クラメルの公式は, 文字を係数とする方程式や, 係数の配列が規則的な方程式の解の公式を作るのに有効である. 次の例のように実際の数値を係数とする方程式を解くためには必ずしも適当ではない.

問題
クラメルの公式を用いて, 次の連立方程式を解け.
$\begin{cases} -x+y+z=2 \\[3pt] \ \ \ x-y+z=4 \\[3pt] \ \ \ x+y-z=-2 \end{cases}$

解答
[解答]
$$ A= \m{ -1 & 1 & 1 \cr 1 & -1 & 1 \cr 1 & 1 & -1}, \ \ \x=\m{ x \cr y \cr z }, \ \ \bm{b}=\m{ 2 \cr 4 \cr -2} $$ とおくと, 与えられた連立方程式は $A\x=\bm{b}$ と表される.
$\det A=4\neq 0$ なので, $A$ は正則である. 従って, クラメルの公式により, $$ x=\f{1}{\det A} \md{2 & 1 & 1 \cr 4 & -1 & 1 \cr -2 & 1 & -1}=1.$$ $$ y=\f{1}{\det A} \md{-1 & 2 & 1 \cr 1 & 4 & 1 \cr 1 & -2 & -1}=0.$$ $$ z=\f{1}{\det A} \md{-1 & 1 & 2 \cr 1 & -1 & 4 \cr 1 & 1 & -2}=3.$$ よって, 連立方程式の解は $$ x=1,\ \ y=0,\ \ z=3. $$

例題を見てのとおり, 3次行列のときは計算量がそれほど多くない. ただ, この例題は掃き出し法を用いたほうがはやく簡単である. さらに, クラメルの公式は4次以上の行列だと計算量がとても多くなる.

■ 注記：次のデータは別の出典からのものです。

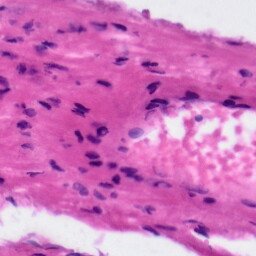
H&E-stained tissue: Tonsil

従って, クラメルの公式は計算に関して実用に向かない. しかし, 理論では役立つことがある. つまり, なんらかの定理の証明に応用されることがある. その例を次に紹介する.

応用

逆行列を余因子行列で表す

クラメルの公式によって逆行列を「余因子行列」の形に表せる.

なお, 正方行列 $A$ の余因子行列 $\widetilde{A}$ とは, $(i,j)$ 成分が $(-1)^{i+j}\det(A_{ij})$ である行列のことである. ただし, $A_{ij}$ は $A$ の第 $i$ 行と第 $j$ 列を取り除いて得られる $n-1$ 次の行列を指す.

定理
$A$ を正則行列とし, $\widetilde{A}$ をその余因子行列とする.
このとき, $A$ の逆行列 $A^{-1}$ は次のように表せる. $$ A^{-1}=\f{1}{\det A}\widetilde{A}. $$

証明
[証明]  $A^{-1}=(\x_1,\cd,\x_n)$ と表すことにすると, $AA^{-1}=I$ により, $$ AA^{-1}=A(\x_1,\cd,\x_n)=(A\x_1,\cd,A\x_n) =(\e_1,\cd,\e_n). $$ したがって $A\x_j=\e_j$ が各 $j$ に対して成り立つ.

列ベクトル $\x_j$ の第 $i$ 成分を $x_{ij}$ と表すことにしよう.
すると, 連立1次方程式 $A\x_j=\e_j$ に対してクラメルの公式を使えば $$ x_{ij} =\f{\det(\bm{a}_1,\cd,\bm{a}_{i-1},\e_j,\bm{a}_{i+1},\cd,\bm{a}_n)} {\det A} .$$ 右辺の分子は $(-1)^{i+j}\det A_{ij}$ に等しいので,
$$ A^{-1}=\f{1}{\det A}\widetilde{A} $$ が成り立つ.

上の定理は有名であり他分野で使うので, 数学科はとくに覚えておいたほうがいい.

線型代数以外の分野で「クラメルの公式により,...」という文言が出てきたら, クラメルの公式そのものでなく、この逆行列に関する定理を指すことがあるので注意.

リー群論への応用

例として, リー群に関する次の定理を示そう.

定理
$G$ を一般線形群 $\GL_n(\R)$ とする.
写像 $G \to G,\ $ $A\mapsto A^{-1}$ は $C^{\infty}$ 級関数である.

証明
[証明]  クラメルの公式により, 与えられた写像は $$ A\mapsto A^{-1}=\f{1}{\det A}\widetilde{A} $$ と表せる.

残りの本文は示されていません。